L’alarme basse énergie « SPEED, SPEED, SPEED », qui aurait pu alerter l’équipage de la diminution de vitesse, ne s’est pas déclenchée car l’avion était en configuration 0 (volets rentrés).

 

3.5 Changements de procédures depuis l’événement

Des changements de procédures ont été mis en place par l’exploitant après cet incident notamment sur les deux thèmes suivants:

Manipulation des volets : lorsque le PF demande un changement de braquage becs/volets par l’annonce «Flap X», le PM :

- vérifie que la vitesse est compatible avec la configuration demandée et annonce « Speed check » ; ainsi le PM se prépare et se concentre sur l’action à effectuer ;

- actionne la commande de becs/volets, vérifie immédiatement la valeur cible sélectée affichée en bleu sur l’ECAM et annonce « Flaps X » (sans attendre que les volets soient effectivement dans cette position). En rapprochant ainsi le contrôle de l’action, on réduit le risque d’une éventuelle interruption de la tâche, et d’une sélection de volets erronée.

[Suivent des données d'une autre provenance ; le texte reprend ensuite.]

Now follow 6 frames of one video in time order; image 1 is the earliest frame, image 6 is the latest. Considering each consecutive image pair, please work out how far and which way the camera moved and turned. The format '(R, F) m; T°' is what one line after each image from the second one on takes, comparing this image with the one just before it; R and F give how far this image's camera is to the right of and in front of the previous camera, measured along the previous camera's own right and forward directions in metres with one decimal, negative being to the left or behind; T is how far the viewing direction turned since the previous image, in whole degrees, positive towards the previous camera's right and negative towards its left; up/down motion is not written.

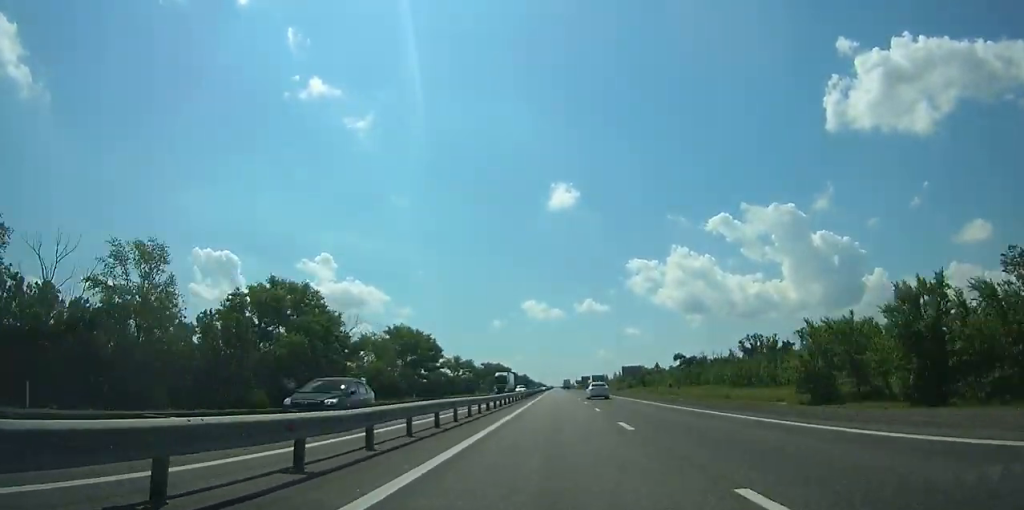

Utilisation des automatismes : l’utilisation appropriée des automatismes en cas de charge de travail élevée, notamment A/THR ON en vitesse managée pour les approches à vue, permet de se prémunir contre les passages sous vitesse d’évolution et de dégager des ressources pour le PM.

 

Ces procédures et ces bonnes pratiques sont de nature à renforcer les barrières de prévention pour un tel événement.

3.6 Causes

La sélection erronée du braquage des volets et des becs, non détectée par l’équipage, suivie d’actions inadaptées à cabrer sur les commandes ont conduit à une baisse de l’état d’énergie de l’avion, non perçue immédiatement, puis à l’activation de la protection grande incidence.

Une préparation insuffisante au cours du briefing arrivée a pu contribuer à la gestion inadaptée de la charge de travail lors du changement simultané d’axe d’atterrissage (baïonnette) et de la configuration de l’avion.